WHAT THE TASK REQUIRES –
Once you reach the line containing "#396 = DIRECTION" in the data below, restate each line word for word up to and including the one containing "#665 = ORIENTED_EDGE".

DATA FOR REVIEW: Begin

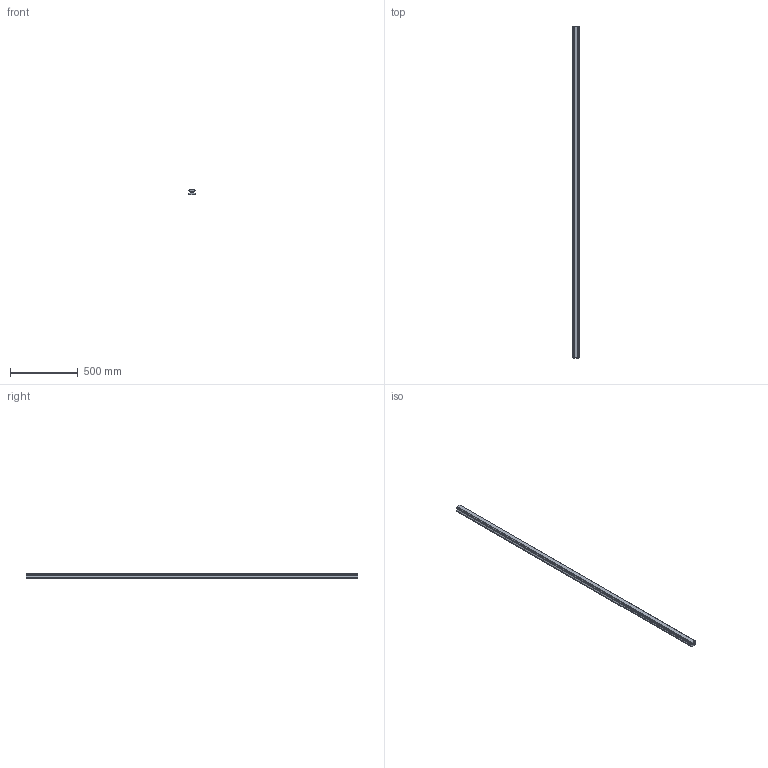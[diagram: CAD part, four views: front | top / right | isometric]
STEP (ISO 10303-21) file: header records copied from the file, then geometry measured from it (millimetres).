
FILE_DESCRIPTION(('STEP AP214'),'1');
FILE_NAME('cctmp_9E830680-E47F-4EA7-9A28-A2F9D54DC5F9_2021_02_01_10_16_10_0774..stp','2021-02-01T09:16:10',('HIWIN GmbH'),('CADClick - www.CADClick.com'),'Spatial InterOp 3D',' ','unknown authorization');
FILE_SCHEMA(('AUTOMOTIVE_DESIGN'));
Length unit declared in the file: millimetre
Products named in the file (1): HGR45T2455C_FILE
Bounding box: 45 x 2455 x 38 mm (x, y, z)
Volume: 3436719.8 mm3; surface area: 445674.1 mm2
Topology: 1 solids, 1 shells, 193 faces, 513 edges, 302 vertices
Faces by surface type: plane 93, cylinder 52, cone 48
Entity records: 7139 total; most frequent: CARTESIAN_POINT 961, DIRECTION 957, ORIENTED_EDGE 930, EDGE_CURVE 465, LINE 361, VECTOR 361, VERTEX_POINT 302, AXIS2_PLACEMENT_3D 298
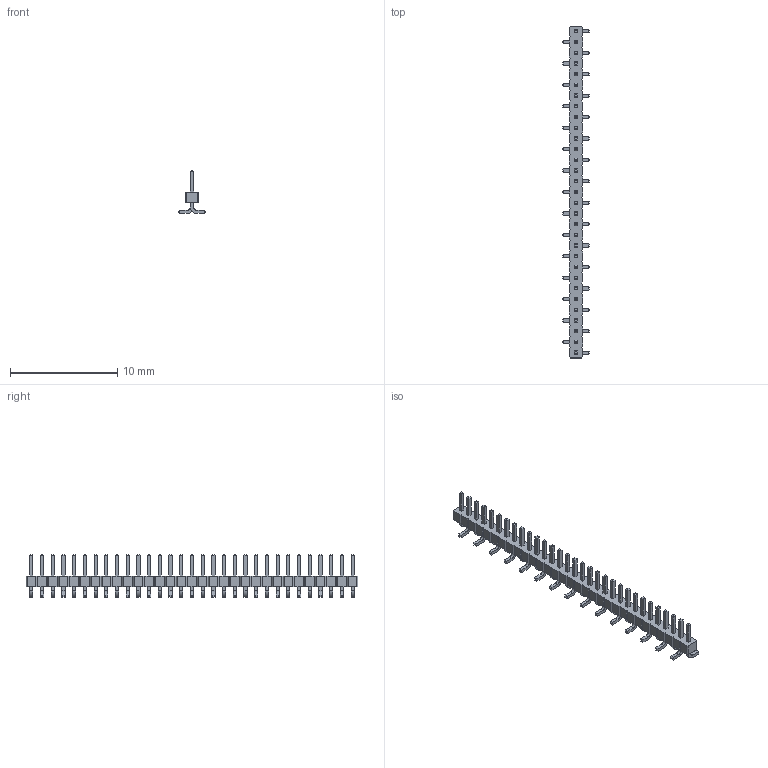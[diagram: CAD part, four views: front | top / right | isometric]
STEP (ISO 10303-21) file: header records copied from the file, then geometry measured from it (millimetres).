
FILE_DESCRIPTION(/* description */ ('model of Pin_Header_Straight_1x31_Pitch1.00mm_SMD_Pin1Right'),/* implementation_level */ '2;1');
FILE_NAME(/* name */ 'Pin_Header_Straight_1x31_Pitch1.00mm_SMD_Pin1Right.step',/* time_stamp */ '2017-09-10T01:47:05',/* author */ ('kicad StepUp','ksu'),/* organization */ ('FreeCAD'),/* preprocessor_version */ 'OCC',/* originating_system */ 'kicad StepUp',/* authorisation */ '');
FILE_SCHEMA(('AUTOMOTIVE_DESIGN { 1 0 10303 214 1 1 1 1 }'));
Length unit declared in the file: millimetre
Products named in the file (1): Pin_Header_Straight_1x31_Pitch100mm_SMD_Pin1Right
Bounding box: 2.5 x 31 x 4 mm (x, y, z)
Volume: 49.5 mm3; surface area: 288.3 mm2
Topology: 1 solids, 1 shells, 872 faces, 2176 edges, 1368 vertices
Faces by surface type: plane 810, cylinder 62
Entity records: 31317 total; most frequent: CARTESIAN_POINT 4417, ORIENTED_EDGE 4352, DIRECTION 4046, EDGE_CURVE 2176, LINE 2052, VECTOR 2052, VERTEX_POINT 1368, AXIS2_PLACEMENT_3D 997
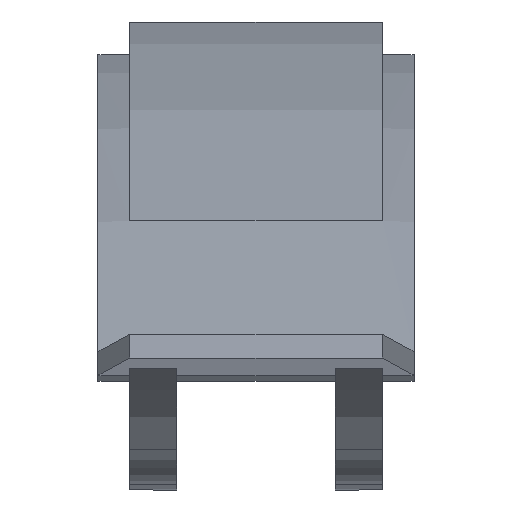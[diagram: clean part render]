
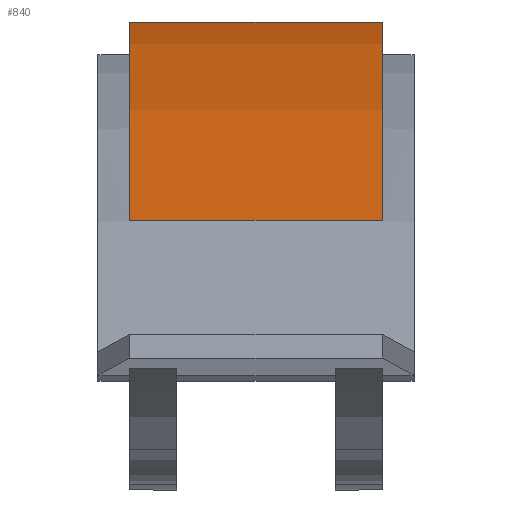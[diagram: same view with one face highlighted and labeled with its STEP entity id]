
A CAD part, top view. The second image highlights one B-rep face of the part: STEP entity #840.
In plain terms, the highlighted cylindrical face has radius 183 mm (diameter 366 mm), a partial arc.
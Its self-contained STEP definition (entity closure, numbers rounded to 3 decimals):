
#5 = EDGE_CURVE ( 'NONE', #697, #796, #69, .T. ) ;
#69 = CIRCLE ( 'NONE', #1251, 183. ) ;
#77 = VERTEX_POINT ( 'NONE', #638 ) ;
#124 = EDGE_CURVE ( 'NONE', #484, #796, #648, .T. ) ;
#134 = VECTOR ( 'NONE', #1401, 1000. ) ;
#160 = CARTESIAN_POINT ( 'NONE',  ( -8., 15.32, 11.645 ) ) ;
#185 = FACE_OUTER_BOUND ( 'NONE', #1091, .T. ) ;
#219 = CARTESIAN_POINT ( 'NONE',  ( 8., 2.651, 78.55 ) ) ;
#338 = DIRECTION ( 'NONE',  ( 1., 0., 0. ) ) ;
#342 = VECTOR ( 'NONE', #396, 1000. ) ;
#372 = ORIENTED_EDGE ( 'NONE', *, *, #124, .F. ) ;
#373 = LINE ( 'NONE', #1532, #134 ) ;
#396 = DIRECTION ( 'NONE',  ( -1., 0., 0. ) ) ;
#446 = ORIENTED_EDGE ( 'NONE', *, *, #5, .T. ) ;
#484 = VERTEX_POINT ( 'NONE', #1368 ) ;
#485 = CYLINDRICAL_SURFACE ( 'NONE', #1845, 183. ) ;
#520 = DIRECTION ( 'NONE',  ( -1., 0., 0. ) ) ;
#637 = EDGE_CURVE ( 'NONE', #77, #484, #1751, .T. ) ;
#638 = CARTESIAN_POINT ( 'NONE',  ( 8., 15.32, 11.645 ) ) ;
#648 = LINE ( 'NONE', #219, #342 ) ;
#665 = ORIENTED_EDGE ( 'NONE', *, *, #637, .F. ) ;
#669 = CARTESIAN_POINT ( 'NONE',  ( 8., -167.68, 11.645 ) ) ;
#697 = VERTEX_POINT ( 'NONE', #160 ) ;
#796 = VERTEX_POINT ( 'NONE', #1610 ) ;
#840 = ADVANCED_FACE ( 'NONE', ( #185 ), #485, .T. ) ;
#917 = DIRECTION ( 'NONE',  ( 0., 0., -1. ) ) ;
#941 = ORIENTED_EDGE ( 'NONE', *, *, #998, .T. ) ;
#977 = CARTESIAN_POINT ( 'NONE',  ( 8., -167.68, 11.645 ) ) ;
#998 = EDGE_CURVE ( 'NONE', #77, #697, #373, .T. ) ;
#1091 = EDGE_LOOP ( 'NONE', ( #941, #446, #372, #665 ) ) ;
#1213 = DIRECTION ( 'NONE',  ( 0., 0., 1. ) ) ;
#1221 = AXIS2_PLACEMENT_3D ( 'NONE', #977, #1391, #1851 ) ;
#1251 = AXIS2_PLACEMENT_3D ( 'NONE', #1350, #338, #917 ) ;
#1350 = CARTESIAN_POINT ( 'NONE',  ( -8., -167.68, 11.645 ) ) ;
#1368 = CARTESIAN_POINT ( 'NONE',  ( 8., 2.651, 78.55 ) ) ;
#1391 = DIRECTION ( 'NONE',  ( 1., 0., 0. ) ) ;
#1401 = DIRECTION ( 'NONE',  ( -1., 0., 0. ) ) ;
#1532 = CARTESIAN_POINT ( 'NONE',  ( 8., 15.32, 11.645 ) ) ;
#1610 = CARTESIAN_POINT ( 'NONE',  ( -8., 2.651, 78.55 ) ) ;
#1751 = CIRCLE ( 'NONE', #1221, 183. ) ;
#1845 = AXIS2_PLACEMENT_3D ( 'NONE', #669, #520, #1213 ) ;
#1851 = DIRECTION ( 'NONE',  ( 0., 0., -1. ) ) ;
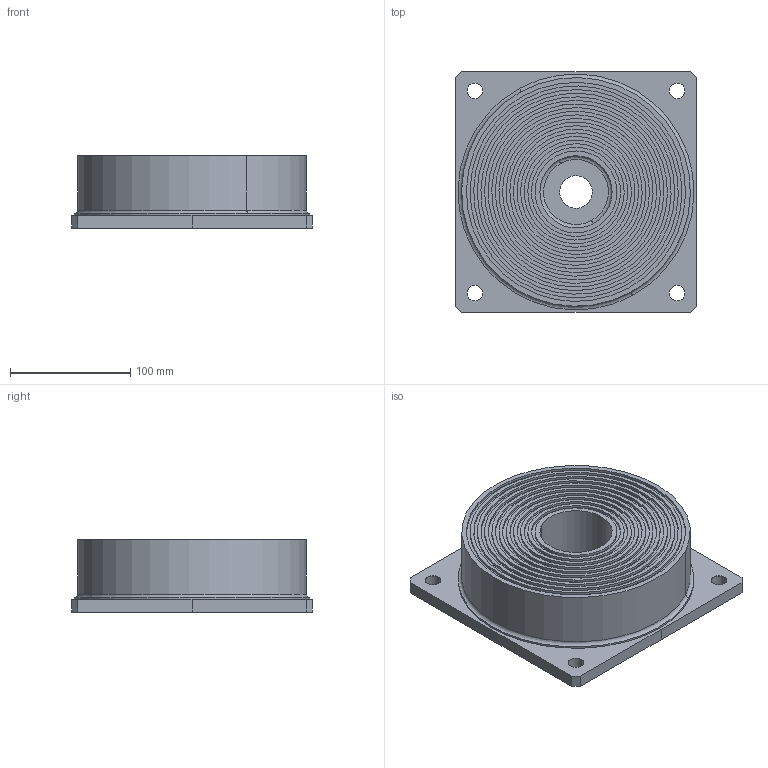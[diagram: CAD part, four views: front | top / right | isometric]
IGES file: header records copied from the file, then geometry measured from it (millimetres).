
Start section: START RECORD GO HERE.
Global section: file name: 514202-C-BUTEE-SUPPORT(SUPPORT).igs; native system: 44HIBM CATIA IGES - CATIA Version 5 Release 19; preprocessor: CATIA Version 5 Release 19 ; author: CatiaV5; organization: LEV3; date: 20110412.091430; units: millimetre
Bounding box: 200 x 200 x 60 mm (x, y, z)
Surface area: 143710.8 mm2 (no closed solid volume)
Topology: 0 solids, 0 shells, 122 faces, 528 edges, 528 vertices
Faces by surface type: revolution 80, plane 42
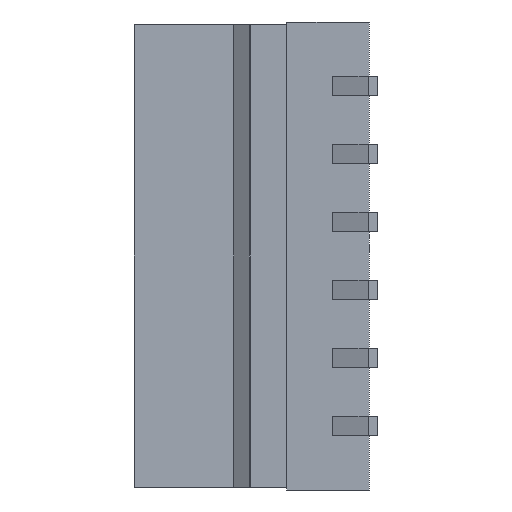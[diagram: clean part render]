
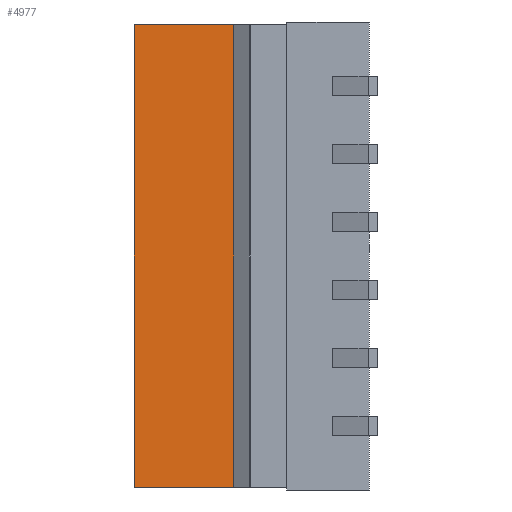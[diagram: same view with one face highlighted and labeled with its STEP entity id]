
A CAD part, left-side view. The second image highlights one B-rep face of the part: STEP entity #4977.
In plain terms, the highlighted planar face has unit normal (-1, -0.028, 0).
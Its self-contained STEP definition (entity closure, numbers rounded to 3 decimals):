
#313 = CARTESIAN_POINT ( 'NONE',  ( -7.602, 8.64, -2.833 ) ) ;
#648 = CARTESIAN_POINT ( 'NONE',  ( -7.602, 8.64, 8.499 ) ) ;
#848 = CARTESIAN_POINT ( 'NONE',  ( -7.602, 8.64, 8.499 ) ) ;
#1116 = VERTEX_POINT ( 'NONE', #848 ) ;
#1134 = CARTESIAN_POINT ( 'NONE',  ( -7.602, 8.64, 8.499 ) ) ;
#1186 = CARTESIAN_POINT ( 'NONE',  ( -7.602, 8.64, -8.499 ) ) ;
#2138 = LINE ( 'NONE', #648, #11309 ) ;
#2447 = DIRECTION ( 'NONE',  ( -1., -0.028, 0. ) ) ;
#2693 = AXIS2_PLACEMENT_3D ( 'NONE', #1134, #2447, #7310 ) ;
#2966 = CARTESIAN_POINT ( 'NONE',  ( -7.602, 8.64, 8.499 ) ) ;
#4105 = EDGE_CURVE ( 'NONE', #6479, #10326, #7669, .T. ) ;
#4186 = EDGE_CURVE ( 'NONE', #7479, #1116, #2138, .T. ) ;
#4823 = CARTESIAN_POINT ( 'NONE',  ( -7.602, 8.64, -8.499 ) ) ;
#4977 = ADVANCED_FACE ( 'NONE', ( #8079 ), #6470, .T. ) ;
#5170 = DIRECTION ( 'NONE',  ( 0., 0., 1. ) ) ;
#5361 = CARTESIAN_POINT ( 'NONE',  ( -7.501, 4.994, 8.499 ) ) ;
#5805 = ORIENTED_EDGE ( 'NONE', *, *, #6656, .T. ) ;
#5914 = B_SPLINE_CURVE_WITH_KNOTS ( 'NONE', 3,
 ( #4823, #313, #9399, #2966 ),
 .UNSPECIFIED., .F., .F.,
 ( 4, 4 ),
 ( 0., 1. ),
 .UNSPECIFIED. ) ;
#6186 = VECTOR ( 'NONE', #5170, 1000. ) ;
#6470 = PLANE ( 'NONE',  #2693 ) ;
#6479 = VERTEX_POINT ( 'NONE', #1186 ) ;
#6525 = VECTOR ( 'NONE', #8751, 1000. ) ;
#6656 = EDGE_CURVE ( 'NONE', #10326, #7479, #8875, .T. ) ;
#6995 = CARTESIAN_POINT ( 'NONE',  ( -7.501, 4.994, 8.499 ) ) ;
#7053 = CARTESIAN_POINT ( 'NONE',  ( -7.602, 8.64, -8.499 ) ) ;
#7059 = ORIENTED_EDGE ( 'NONE', *, *, #4105, .T. ) ;
#7310 = DIRECTION ( 'NONE',  ( 0.028, -1., 0. ) ) ;
#7479 = VERTEX_POINT ( 'NONE', #5361 ) ;
#7669 = LINE ( 'NONE', #7053, #6525 ) ;
#8079 = FACE_OUTER_BOUND ( 'NONE', #8323, .T. ) ;
#8323 = EDGE_LOOP ( 'NONE', ( #10007, #9002, #7059, #5805 ) ) ;
#8458 = CARTESIAN_POINT ( 'NONE',  ( -7.501, 4.994, -8.499 ) ) ;
#8751 = DIRECTION ( 'NONE',  ( 0.028, -1., 0. ) ) ;
#8875 = LINE ( 'NONE', #6995, #6186 ) ;
#9002 = ORIENTED_EDGE ( 'NONE', *, *, #10707, .F. ) ;
#9399 = CARTESIAN_POINT ( 'NONE',  ( -7.602, 8.64, 2.833 ) ) ;
#9750 = DIRECTION ( 'NONE',  ( -0.028, 1., 0. ) ) ;
#10007 = ORIENTED_EDGE ( 'NONE', *, *, #4186, .T. ) ;
#10326 = VERTEX_POINT ( 'NONE', #8458 ) ;
#10707 = EDGE_CURVE ( 'NONE', #6479, #1116, #5914, .T. ) ;
#11309 = VECTOR ( 'NONE', #9750, 1000. ) ;

DATA FOR REVIEW: End

OUTPUT BELOW –
#396 = DIRECTION ( 'NONE',  ( -1., 0., 0. ) ) ;
#446 = ORIENTED_EDGE ( 'NONE', *, *, #5, .T. ) ;
#484 = VERTEX_POINT ( 'NONE', #1368 ) ;
#485 = CYLINDRICAL_SURFACE ( 'NONE', #1845, 183. ) ;
#520 = DIRECTION ( 'NONE',  ( -1., 0., 0. ) ) ;
#637 = EDGE_CURVE ( 'NONE', #77, #484, #1751, .T. ) ;
#638 = CARTESIAN_POINT ( 'NONE',  ( 8., 15.32, 11.645 ) ) ;
#648 = LINE ( 'NONE', #219, #342 ) ;
#665 = ORIENTED_EDGE ( 'NONE', *, *, #637, .F. ) ;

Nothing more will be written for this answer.